Los reyes de España están en Suecia de visita oficial. Una escapada que está haciendo las delicias de la prensa cortesana: el tema (el único) del día es si Letizia va muy elegante y muy abrigada. Que si las joyas esto, que si las medias lo otro, que si el vestido es blanco, crema, rojo o si lleva una capa como Caperucita. No encontrarán nada más más allá del análisis de su vestuario, un pasatiempo con el que tapar la gran pregunta: ¿qué hacen en Suecia, aparte de encontrarse con sus homólogos escandinavos? ¿Cómo tiene que afectar esta excursión a la vida de los españolitos? ¿Ustedes lo saben? Nosotros no.
Ahora bien, la Casa Real española tiene un don. Es capaz de encontrar problemas y motivos para la crítica incluso en los detalles más intranscendentes, como lo que lleva o no lleva encima la consorte. Por muchas adulaciones y alabanzas que esté recibiendo por los modelitos que exhibe en Estocolmo, no se ha podido zafar de una polémica por lucir la piel de un animal muerto. Sí, de acuerdo, es sintética y todo lo que quieran, pero el gesto es el que es. Es feo. Y fuera de lugar.
Una situación que ha molestado incluso a la cronista real más importante del Estado, que además ha sido una de las grandes defensoras de Letizia: Pilar Eyre. La barcelonesa tiene un carácter afable, afectuoso, elegante; cualidades humanas que se añaden a su olfato, fuentes de enorme garantía y capacidad de análisis formidable. Ahora bien, hay líneas rojas que nadie, absolutamente nadie, puede traspasar. Al ver la estola de Carolina Herrera con la que se ha presentado en el palacio real sueco, una bien peluda, ha pensado igual que la mayoría: que el pelaje era auténtico. No era así, pero tampoco tiene defensa posible por las reminiscencias que provocan estas piezas. Como todo el mundo sabe, el maltrato animal es un pecado venial para la escritora. Ha estallado con un tuit que tiempo después ha borrado, pero sin dejar de subrayar que este tipo de exhibición no le hace nada de gracia.

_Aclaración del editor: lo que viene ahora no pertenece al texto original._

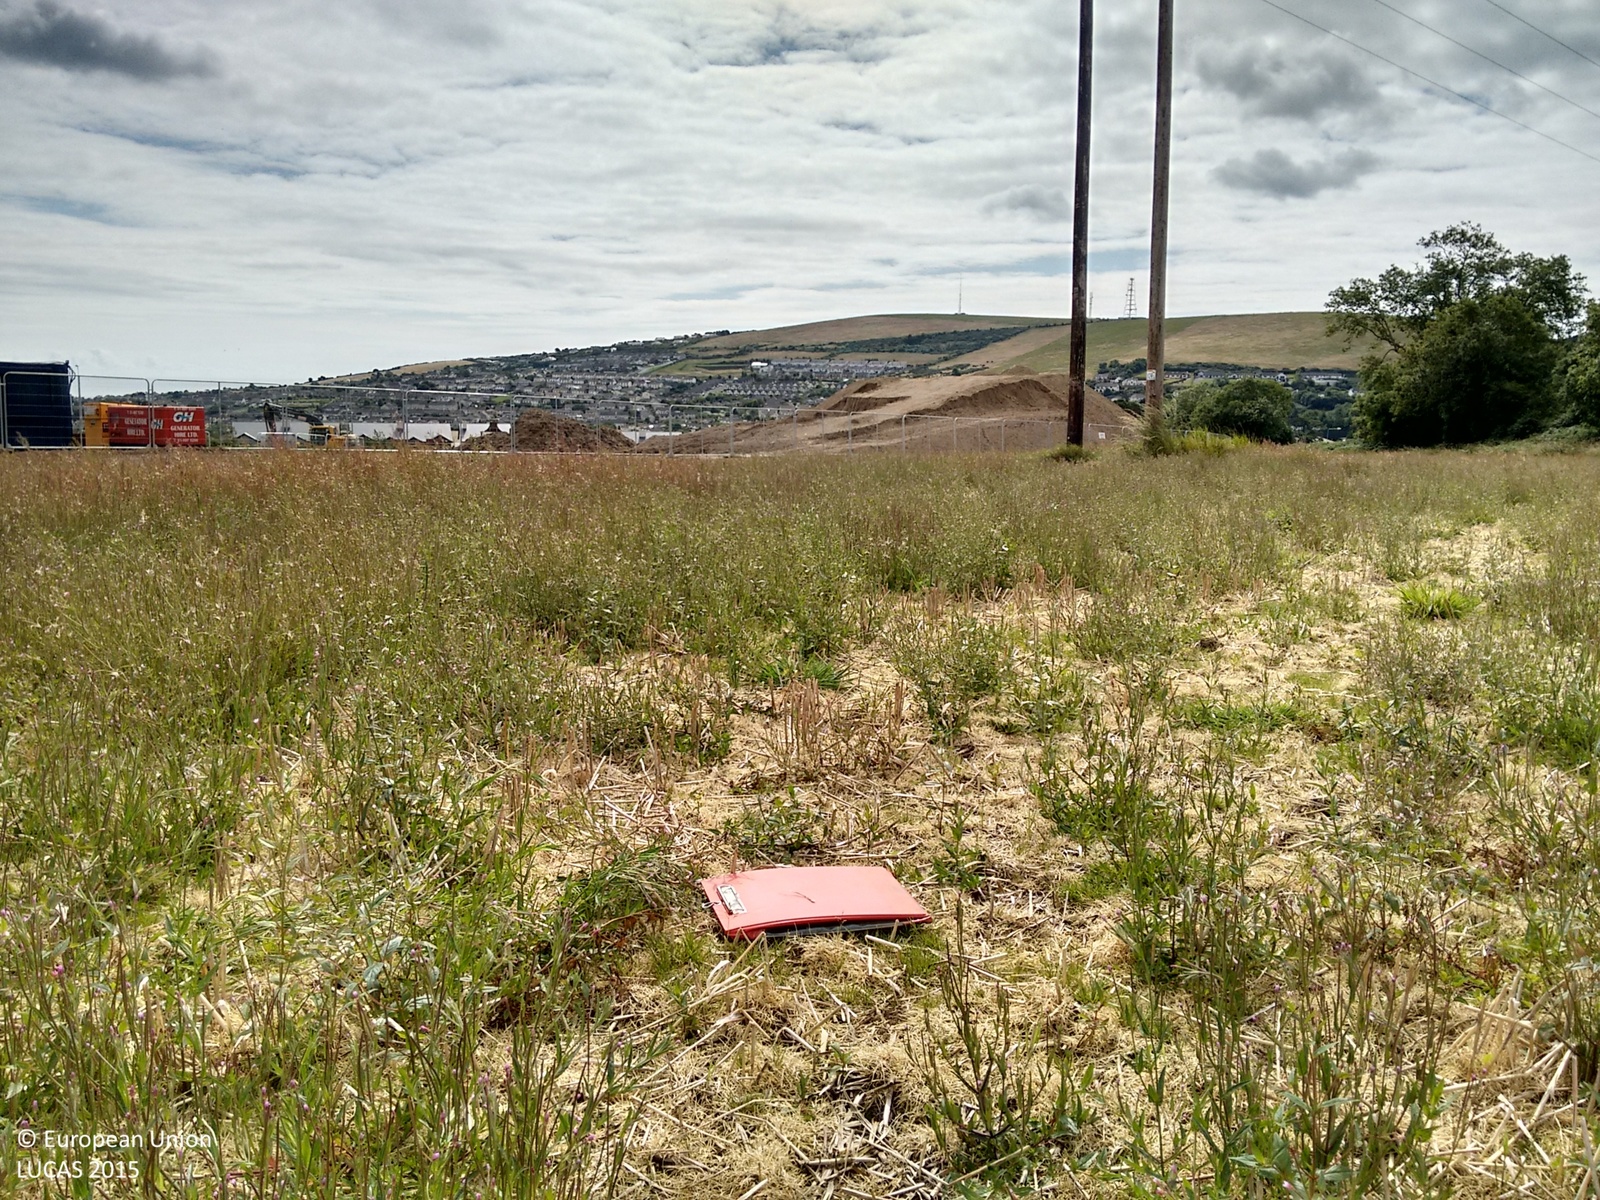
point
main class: Grassland
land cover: Spontaneously vegetated surfaces
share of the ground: > 75 %
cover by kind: herbaceous plants 80 %, unconsolidated bare surface 20 %
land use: Semi-natural and natural areas not in use
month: July
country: IE
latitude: 52.9797
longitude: -6.0660
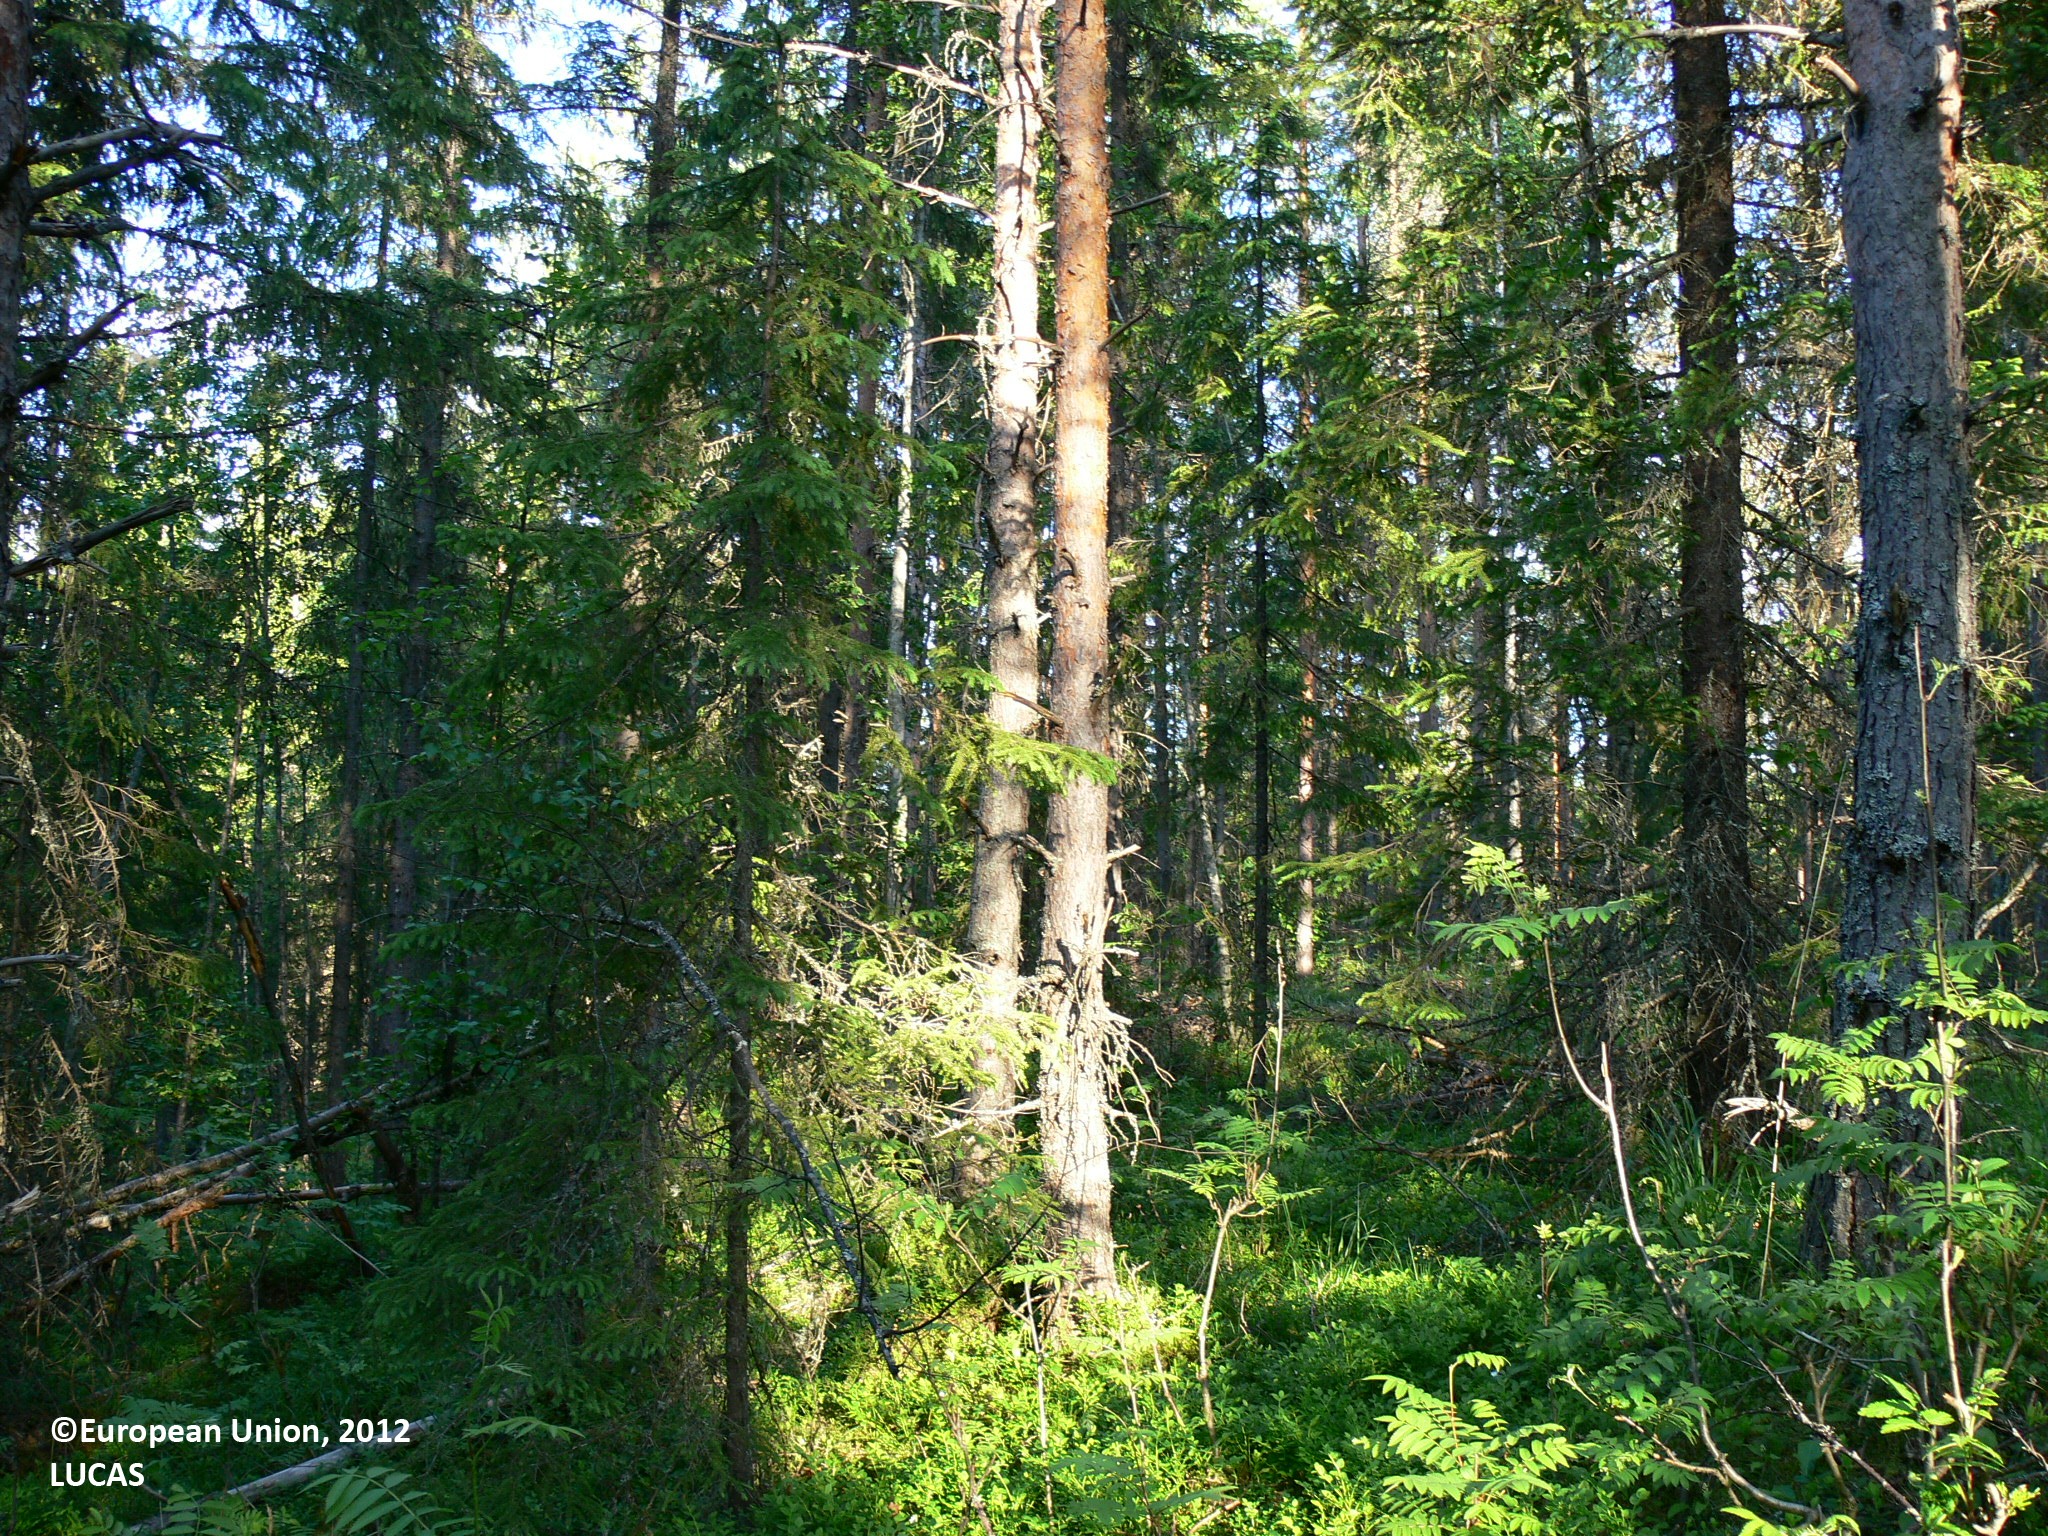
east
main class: Woodland
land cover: Other mixed woodland
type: boreal forest
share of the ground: > 75 %
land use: Forestry
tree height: > 5 m
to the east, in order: Other mixed woodland; Spruce dominated coniferous woodland; Pine dominated coniferous woodland; Other coniferous woodland; Pine dominated coniferous woodland; Other mixed woodland; Ditches and canals; Other mixed woodland
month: June
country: FI
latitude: 62.2882
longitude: 30.5867
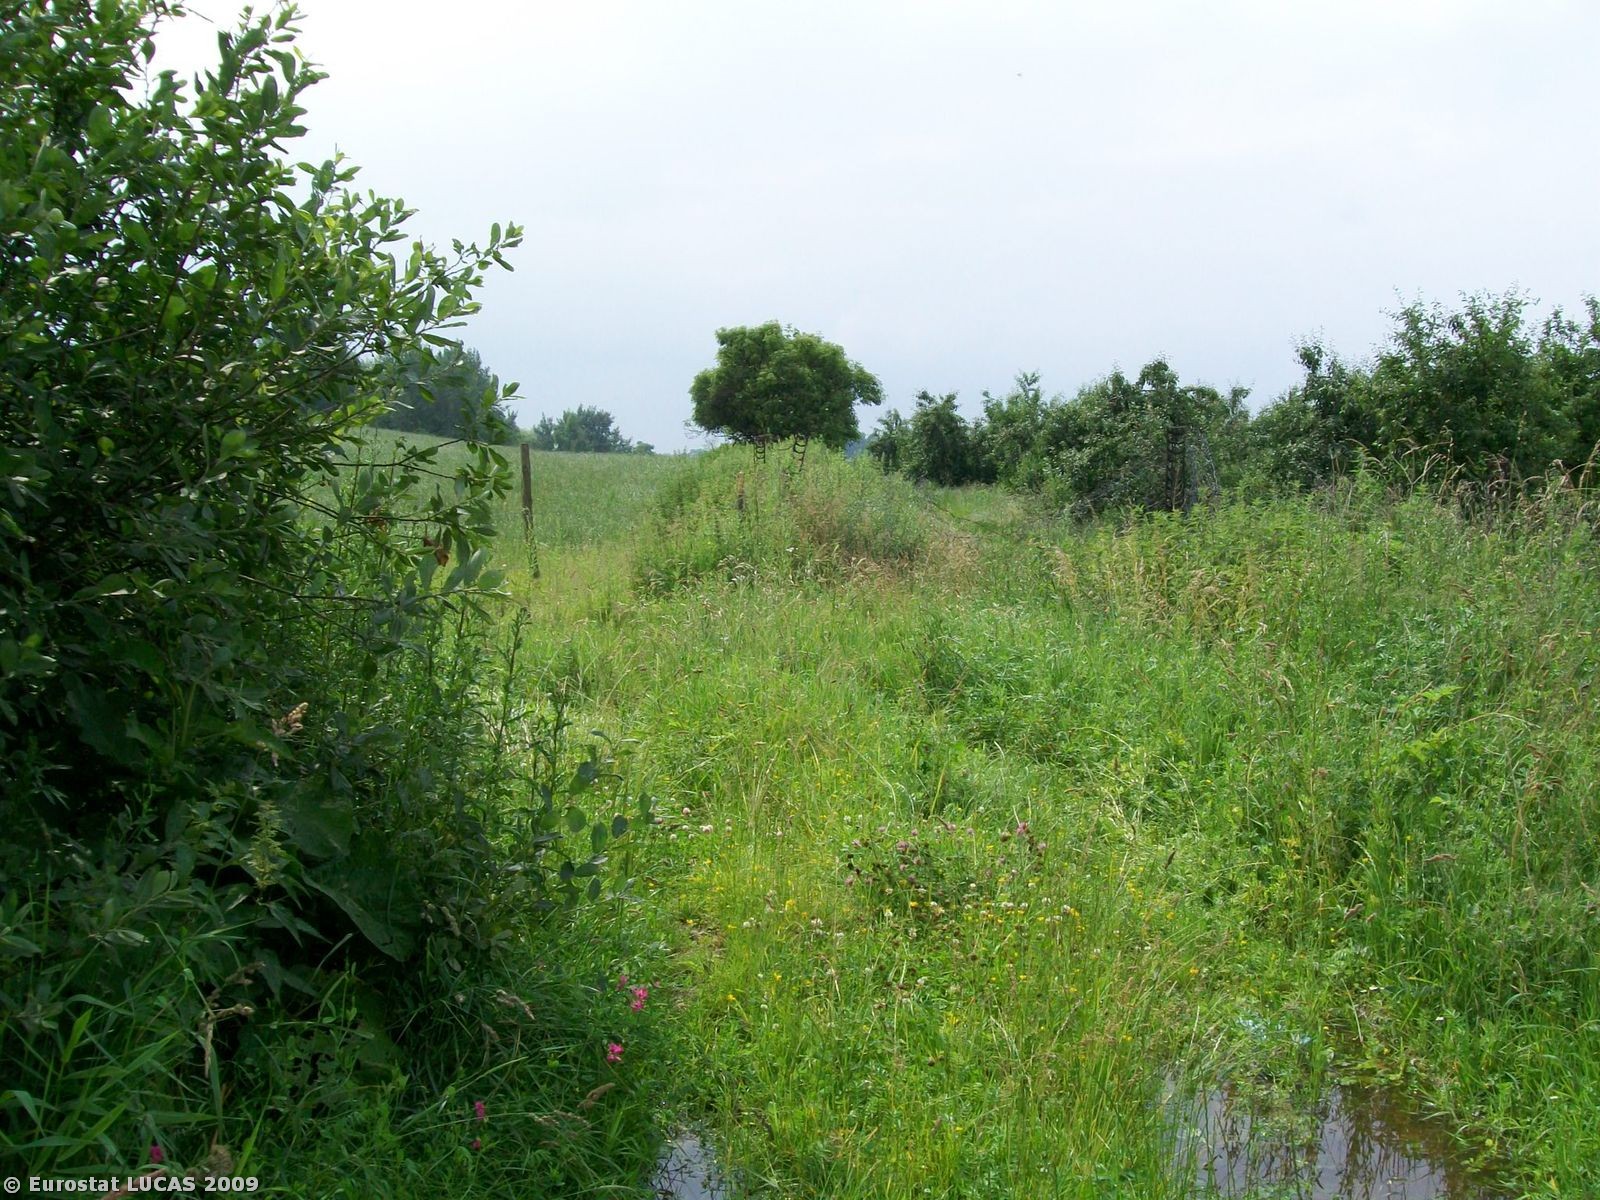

El texto de Eyre colocaba a Letizia al mismo nivel que su némesis: Juan Carlos I, el suegro al que no puede ni ver. Redundaba de una de las muchas aficiones lamentables del emérito: cazar animales y exhibirlos como trofeos. Desde el oso ruso Mitrofan, al que emborracharon para poder matarlo a gusto, al abrigo de leopardo que le regalaron en Kazajistán, las monterías por España o aquello que supuso el inicio de su fin: la matanza de un elefante en Botsuana en compañía de la amante Corinna, fracturándose la cadera y poniendo al descubierto la vida disoluta del que se suponía como el rey más honrado de la historia, y tal.
Menos pieles animales y un poco más de tacto, por favor.